Mikroorganismen, Pilze, Regenwürmer – sie alle brauchen Feuchtigkeit. Bleibt sie über längere Zeit aus, verlangsamen sich ihre Prozesse oder kommen ganz zum Erliegen. Humus wird unter anhaltender Trockenheit deutlich langsamer aufgebaut, während vorhandene organische Substanz vielerorts schneller verloren geht. Die Böden verlieren nach und nach genau das, was sie in trockenen Zeiten so wertvoll macht: ihre Fähigkeit, Wasser zu speichern.
Aus ehemals dunklen, humusreichen Böden werden immer häufiger helle, humusärmere Böden mit einer geringeren Fähigkeit, Wasser und Temperatur auszugleichen. Zurück bleiben die mineralischen Bestandteile der Böden und ergeben somit Böden, die sich in der Sonne stärker aufheizen, schneller austrocknen und damit den nächsten Hitzetag noch schlechter verkraften.
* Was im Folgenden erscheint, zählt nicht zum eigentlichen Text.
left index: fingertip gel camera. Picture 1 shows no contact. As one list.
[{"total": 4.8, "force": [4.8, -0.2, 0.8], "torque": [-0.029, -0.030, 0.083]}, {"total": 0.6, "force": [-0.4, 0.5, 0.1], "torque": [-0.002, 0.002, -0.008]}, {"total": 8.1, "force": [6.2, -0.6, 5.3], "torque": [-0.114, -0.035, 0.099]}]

Denn mineralische Bestandteile können Wärme deutlich stärker aufnehmen und speichern als organische Substanz. Was früher ein lebendiger, feuchter und temperaturausgleichender Boden war, wird zunehmend zu einem Boden, der Hitze schneller weitergibt – und damit auch den Wurzelraum der Pflanzen stärker belastet.
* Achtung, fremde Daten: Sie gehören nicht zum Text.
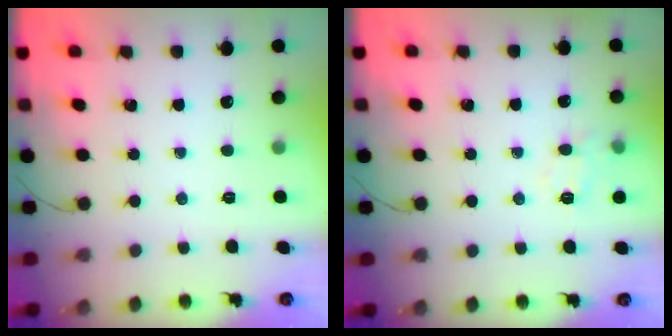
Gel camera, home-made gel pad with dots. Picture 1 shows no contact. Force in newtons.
{"total": 8.6, "press": 8.5, "slide": 1.1}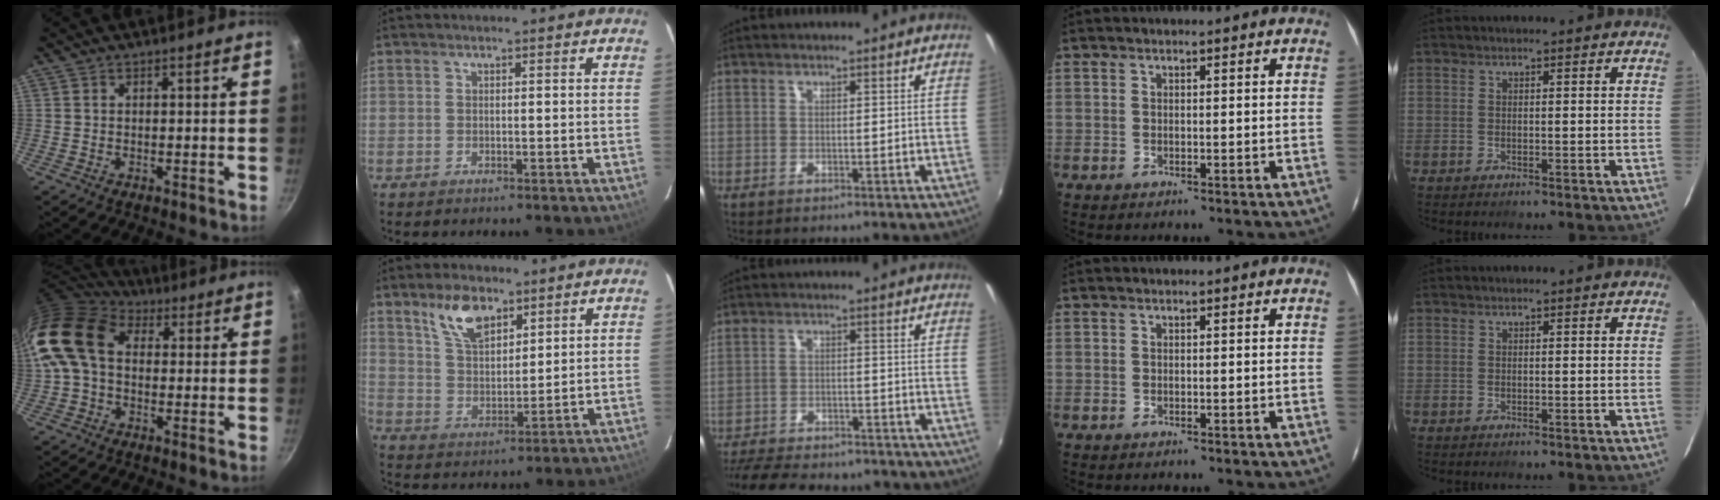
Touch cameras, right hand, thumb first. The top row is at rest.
{"thumb": {"total": 14.7, "force": [2.0, 10.4, 10.2], "torque": [-0.180, 0.023, 0.016]}, "index": {"total": 9.2, "force": [5.8, 4.5, 5.6], "torque": [-0.100, 0.014, 0.115]}, "middle": {"total": 18.0, "force": [-15.5, 5.5, 7.4], "torque": [-0.161, -0.019, -0.215]}}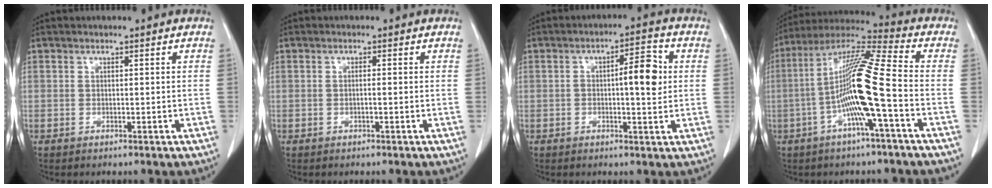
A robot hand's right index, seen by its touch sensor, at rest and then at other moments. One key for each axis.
{"total": 0.6, "fx": -0.2, "fy": 0.0, "fz": 0.5, "tx": -0.008, "ty": 0.002, "tz": -0.004}
{"total": 6.4, "fx": 0.5, "fy": 1.7, "fz": 6.2, "tx": -0.090, "ty": 0.017, "tz": 0.007}
{"total": 13.8, "fx": -3.2, "fy": -0.5, "fz": 13.4, "tx": -0.255, "ty": 0.012, "tz": -0.071}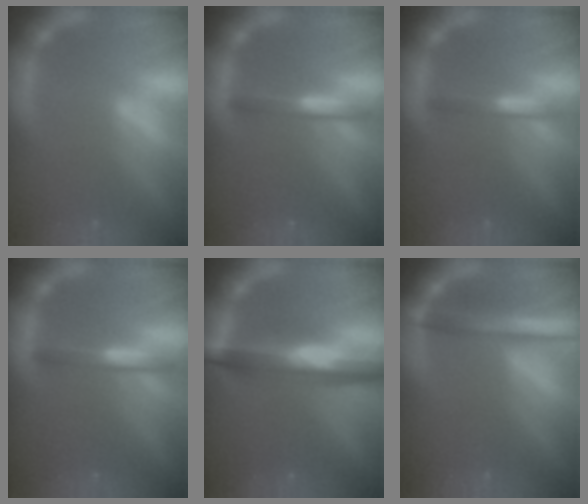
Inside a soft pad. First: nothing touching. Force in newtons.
{"total": 2.4}
{"total": 1.9}
{"total": 2.4}
{"total": 7.1}
{"total": 4.4}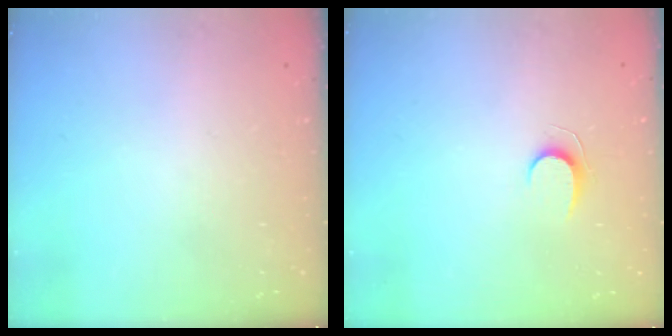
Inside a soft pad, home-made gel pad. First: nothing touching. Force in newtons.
{"total": 5.6, "press": 5.6, "slide": 0.5}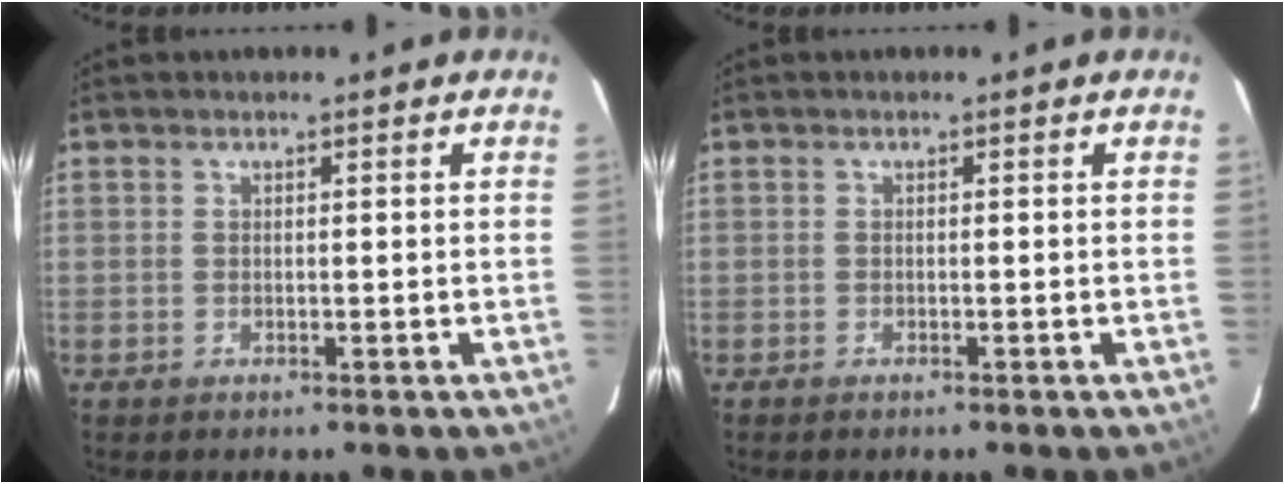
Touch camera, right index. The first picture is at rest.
{"total": 0.6, "force": [-0.6, 0.1, 0.3], "torque": [-0.010, -0.002, -0.008]}

Es entsteht ein Kreislauf.
Und genau deshalb hat meine Mutter mit ihrer Frage ungewollt etwas ausgesprochen, das weit über eine einzelne Zaubernuss hinausgeht.
Die Frage lautet nämlich nicht, warum diese eine Pflanze plötzlich schwächelt.
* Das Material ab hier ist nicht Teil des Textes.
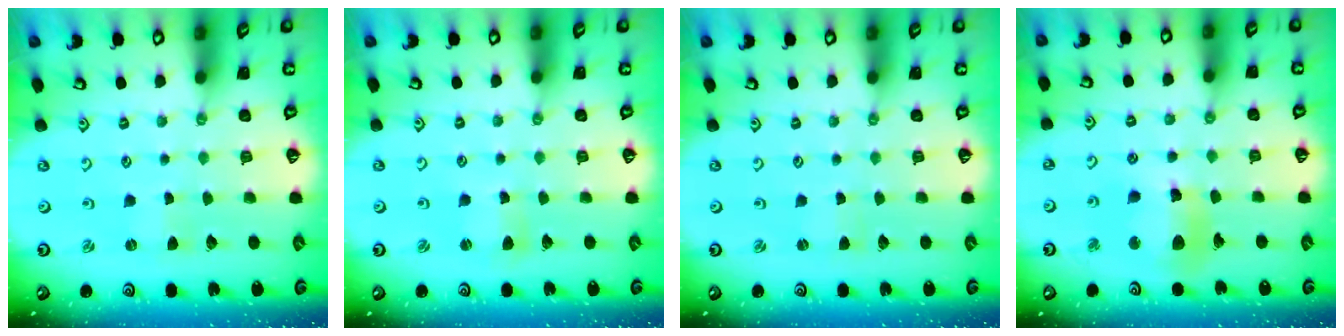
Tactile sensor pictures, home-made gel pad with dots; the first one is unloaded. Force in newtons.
{"total": 2.3, "press": 2.2, "slide": 0.3}
{"total": 0.5, "press": 0.5, "slide": 0.1}
{"total": 11.2, "press": 11.1, "slide": 1.5}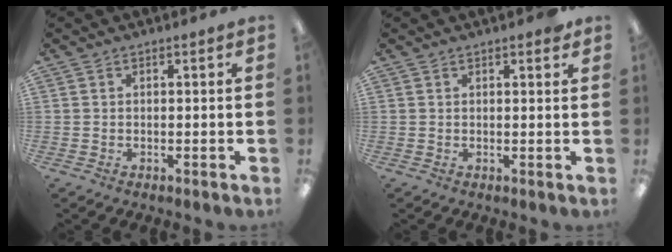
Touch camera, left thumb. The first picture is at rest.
{"total": 1.3, "force": [1.2, 0.2, 0.5], "torque": [0.004, -0.007, 0.018]}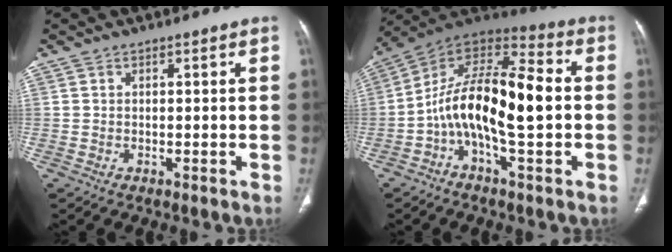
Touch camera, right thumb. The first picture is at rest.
{"total": 17.2, "force": [-2.2, 6.6, 15.8], "torque": [-0.266, 0.050, -0.044]}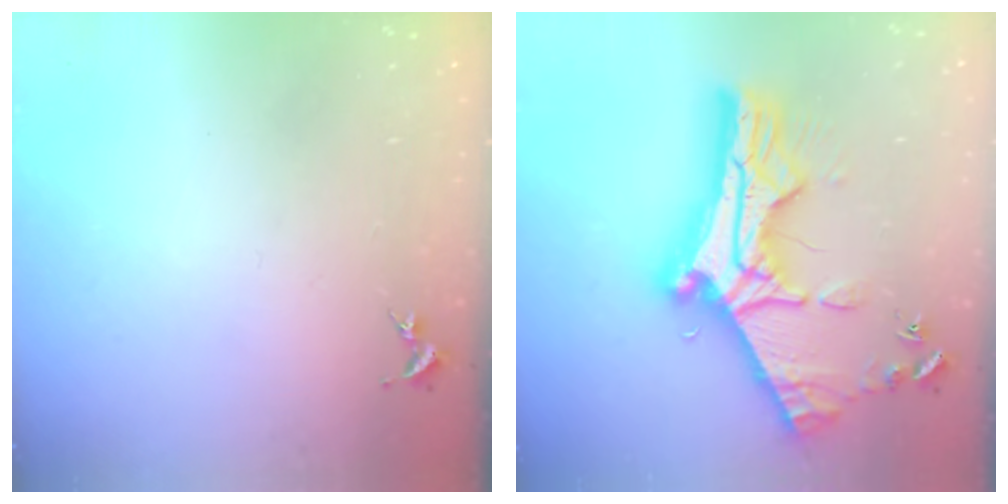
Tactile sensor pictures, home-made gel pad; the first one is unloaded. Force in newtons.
{"total": 15.6, "press": 15.6, "slide": 1.5}

Die eigentliche Frage ist, wie viele Pflanzen wir heute noch genauso auswählen würden wie vor zwanzig Jahren.
Denn der Standort ist derselbe geblieben – und doch ist er es nicht mehr.
Vielleicht müssen wir aufhören, in den alten Kategorien „sonnig“, „halbschattig“ oder „trocken“ zu denken. Vielleicht reicht das längst nicht mehr aus. Eine Südseite mit reflektierender Mauer, aufgeheiztem Boden und ausbleibender Bodenfeuchte ist heute etwas anderes als dieselbe Südseite vor zwei Jahrzehnten.
Der Garten zeigt uns diese Veränderung schon lange.
Wir müssen nur bereit sein, hinzusehen.
Aber hinsehen allein reicht nicht.
Wenn wir erkannt haben, dass sich die Spielregeln verändert haben, müssen wir auch bereit sein, unser gärtnerisches Handeln daran anzupassen.
Wer seine vorhandenen Gehölze möglichst lange vital erhalten möchte, kann ihnen dabei helfen, den Boden wieder zu dem zu machen, was er einmal war: ein Wasserspeicher und Lebensraum zugleich.
Eine der einfachsten Maßnahmen ist das Mulchen.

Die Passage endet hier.